Stored data entries
···

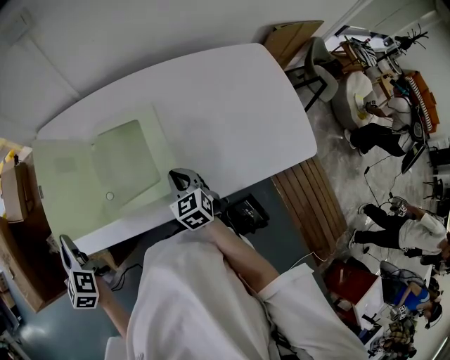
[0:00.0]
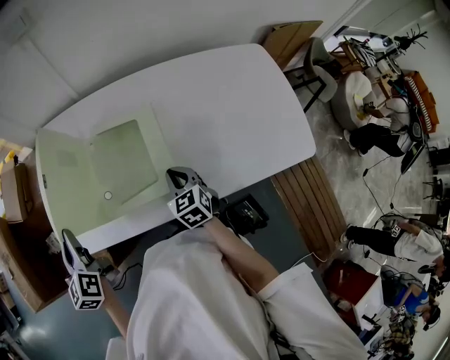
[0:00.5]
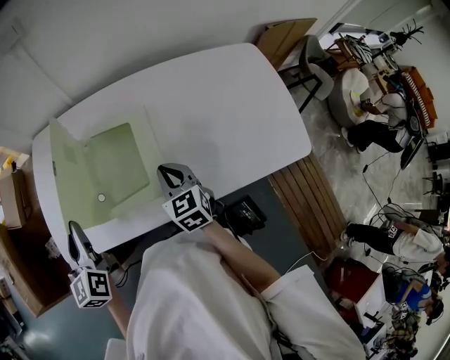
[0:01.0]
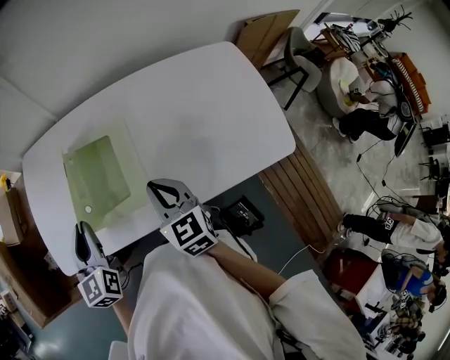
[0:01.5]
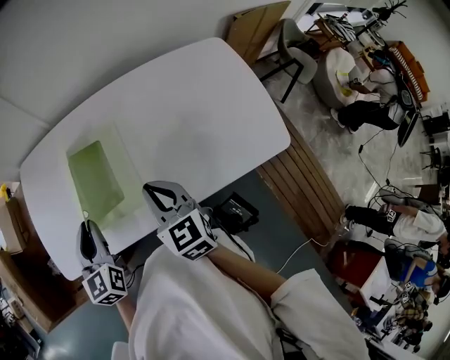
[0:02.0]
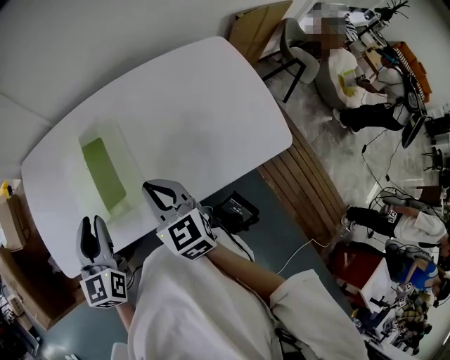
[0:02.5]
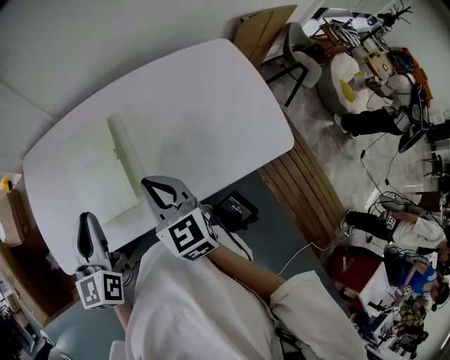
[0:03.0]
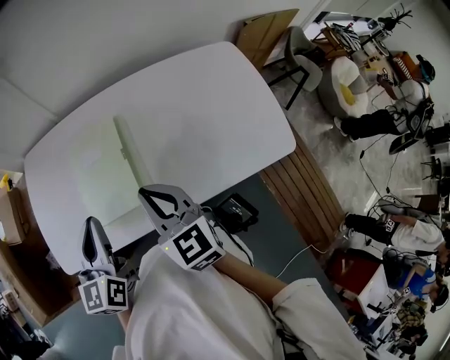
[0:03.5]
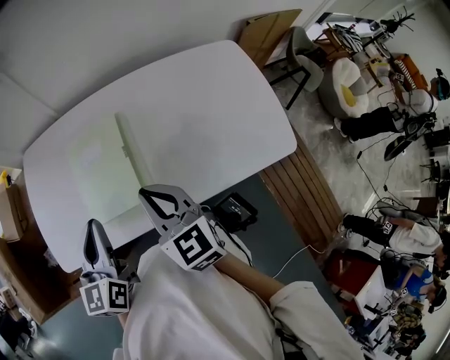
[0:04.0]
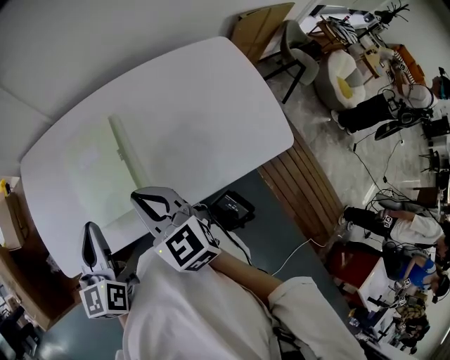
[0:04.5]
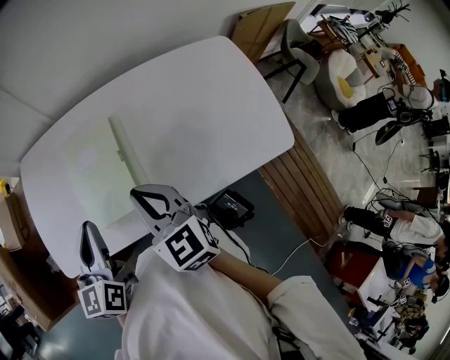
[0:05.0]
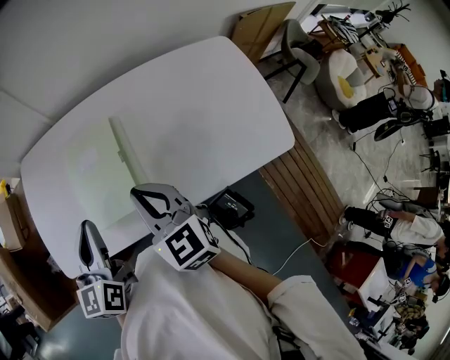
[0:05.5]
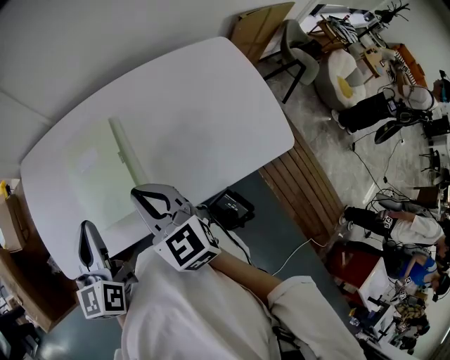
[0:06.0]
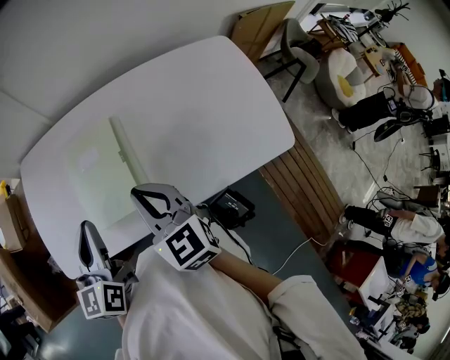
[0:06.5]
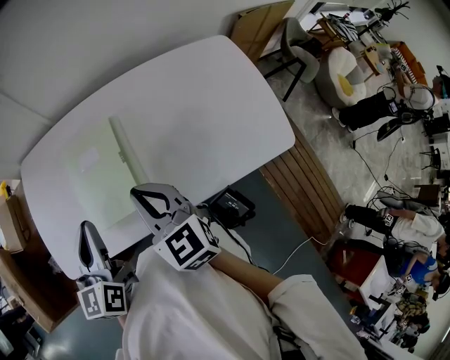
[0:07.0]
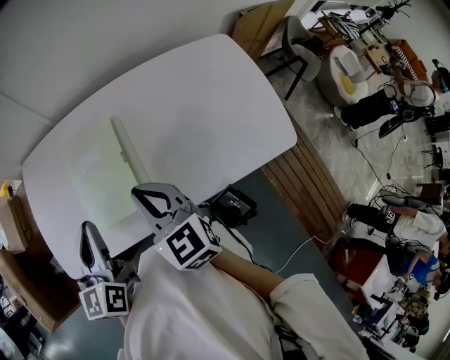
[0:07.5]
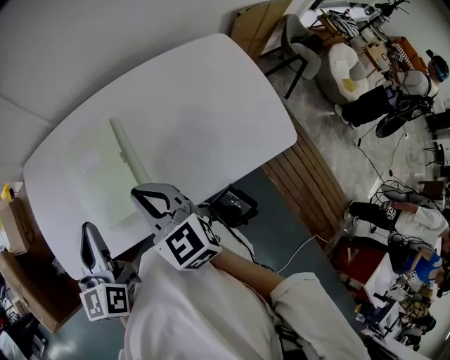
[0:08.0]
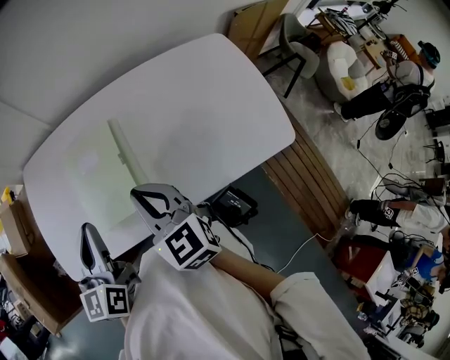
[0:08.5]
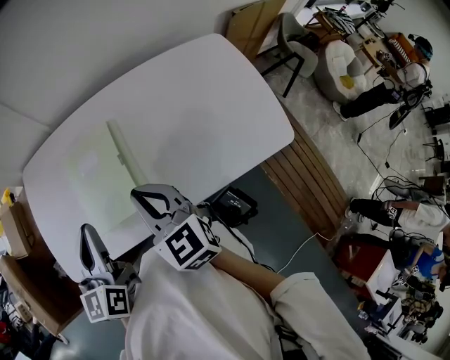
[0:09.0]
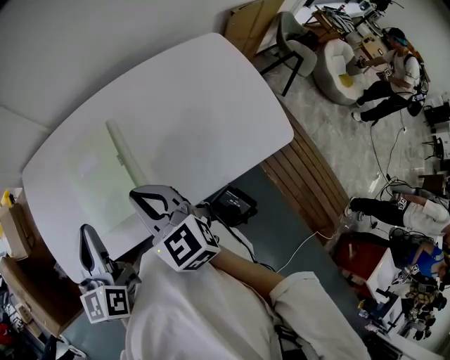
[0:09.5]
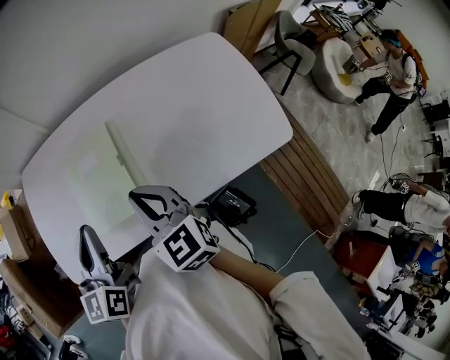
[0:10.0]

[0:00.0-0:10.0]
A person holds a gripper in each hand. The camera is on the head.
0:00.0 to 0:02.0: The left gripper travels to the right by some 20 cm, and rotates some 30 degrees; the right gripper is displaced upward by some 15 cm.
0:02.0 to 0:04.0: Both grippers move upward, some 5 cm.
0:04.0 to 0:06.0: There are only small adjustments of the grippers.
0:06.0 to 0:10.0: The two grippers keep their place.

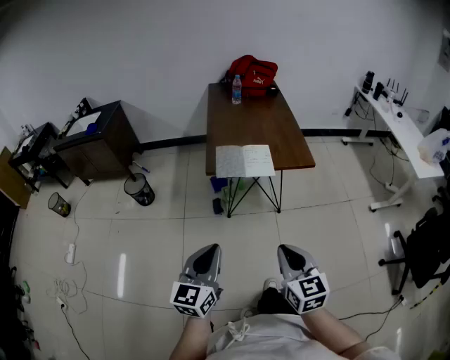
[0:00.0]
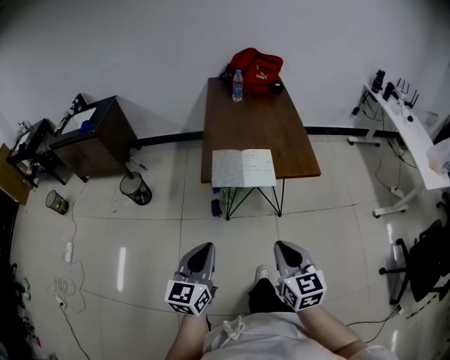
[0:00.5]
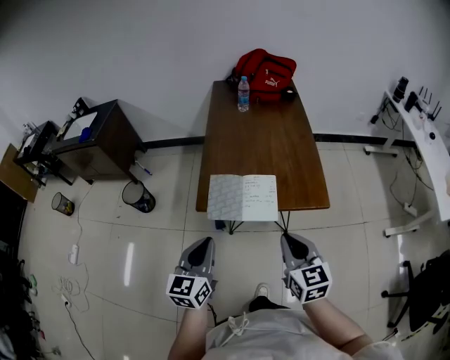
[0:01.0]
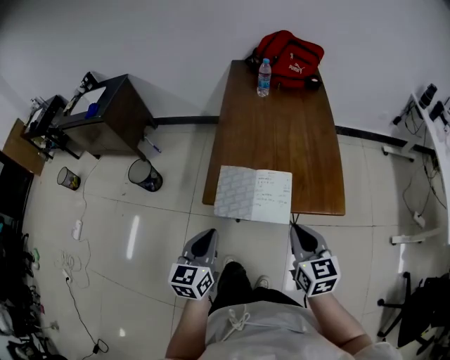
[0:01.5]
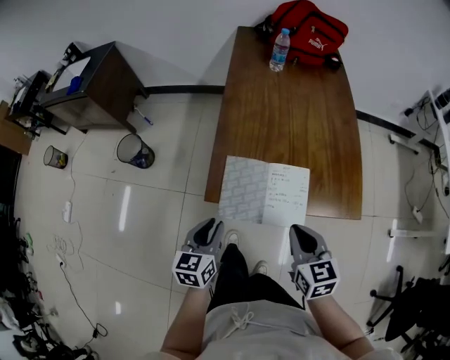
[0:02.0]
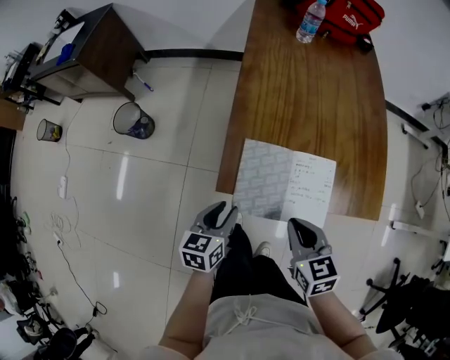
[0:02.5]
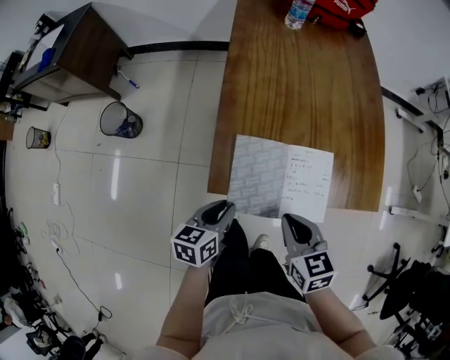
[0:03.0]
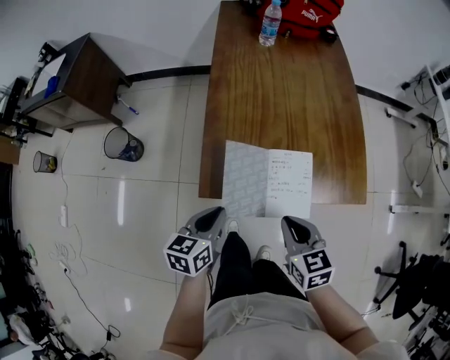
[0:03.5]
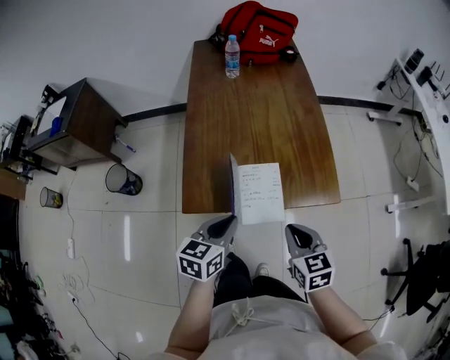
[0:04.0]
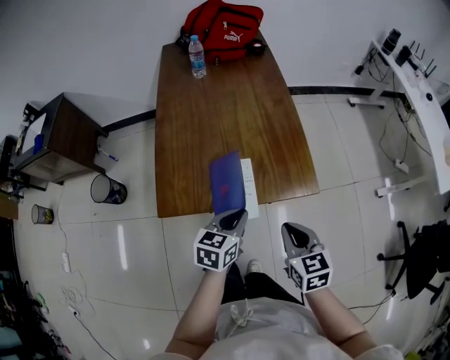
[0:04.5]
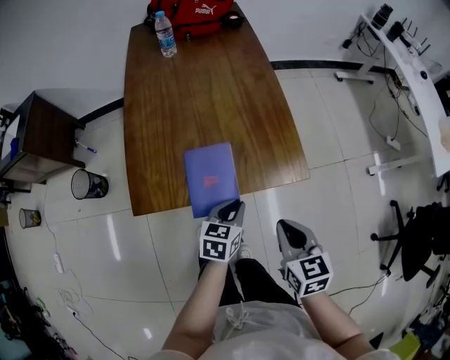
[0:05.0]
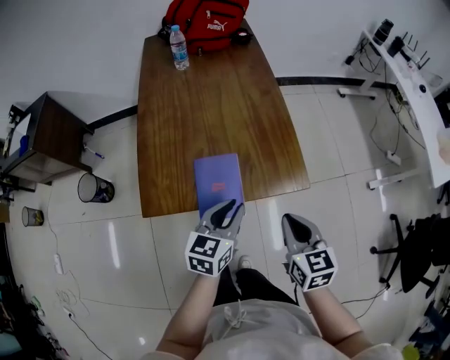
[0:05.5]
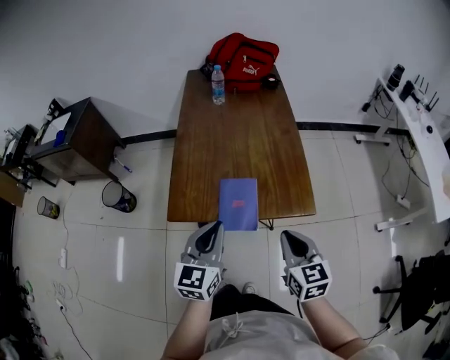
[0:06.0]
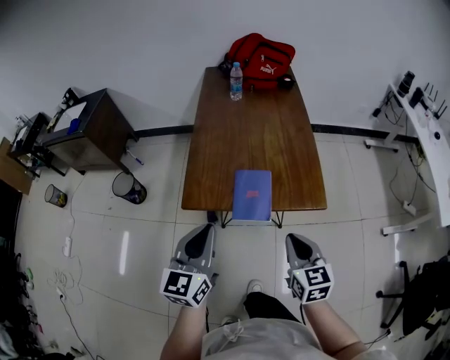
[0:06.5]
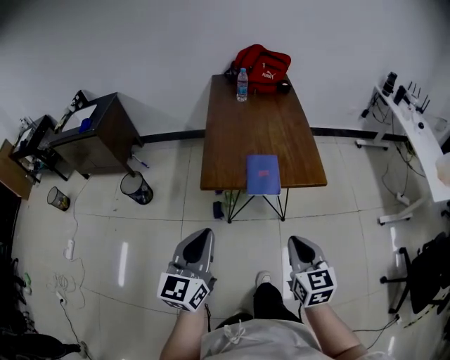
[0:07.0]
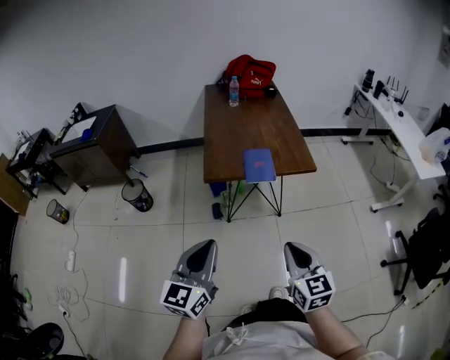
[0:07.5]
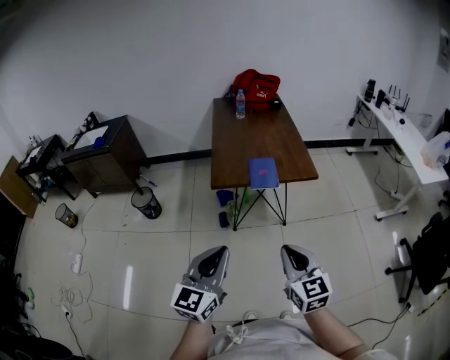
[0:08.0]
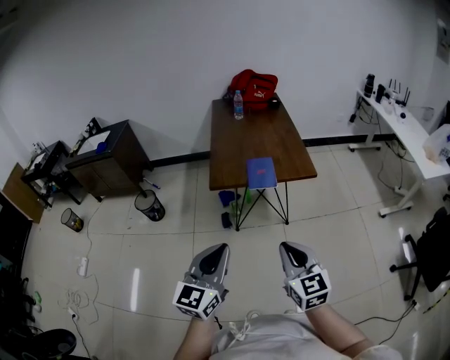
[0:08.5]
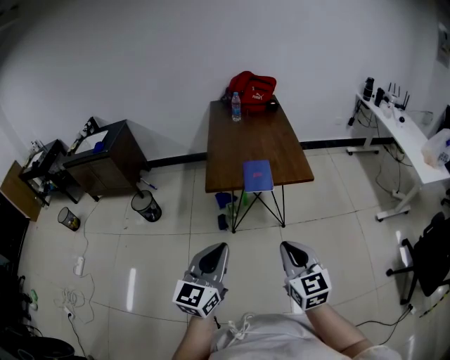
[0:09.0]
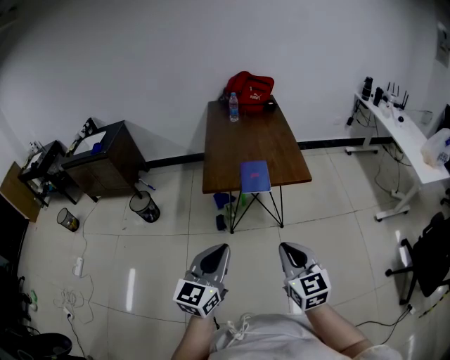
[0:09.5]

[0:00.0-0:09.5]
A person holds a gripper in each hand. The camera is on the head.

···

*AIM OF THE EXERCISE:* What is needed is an exact copy of the entries, without any images.

*ANSWER TO THIS PROBLEM:*
[0:00.0]
[0:00.5]
[0:01.0]
[0:01.5]
[0:02.0]
[0:02.5]
[0:03.0]
[0:03.5]
[0:04.0]
[0:04.5]
[0:05.0]
[0:05.5]
[0:06.0]
[0:06.5]
[0:07.0]
[0:07.5]
[0:08.0]
[0:08.5]
[0:09.0]
[0:09.5]
[0:10.0]

[0:00.0-0:10.0]
A person holds a gripper in each hand. The camera is on the head.
0:00.0 to 0:02.0: The left gripper travels to the right by some 20 cm, and rotates some 30 degrees; the right gripper is displaced upward by some 15 cm.
0:02.0 to 0:04.0: Both grippers move upward, some 5 cm.
0:04.0 to 0:06.0: There are only small adjustments of the grippers.
0:06.0 to 0:10.0: The two grippers keep their place.

[0:00.0]
[0:00.5]
[0:01.0]
[0:01.5]
[0:02.0]
[0:02.5]
[0:03.0]
[0:03.5]
[0:04.0]
[0:04.5]
[0:05.0]
[0:05.5]
[0:06.0]
[0:06.5]
[0:07.0]
[0:07.5]
[0:08.0]
[0:08.5]
[0:09.0]
[0:09.5]

[0:00.0-0:09.5]
A person holds a gripper in each hand. The camera is on the head.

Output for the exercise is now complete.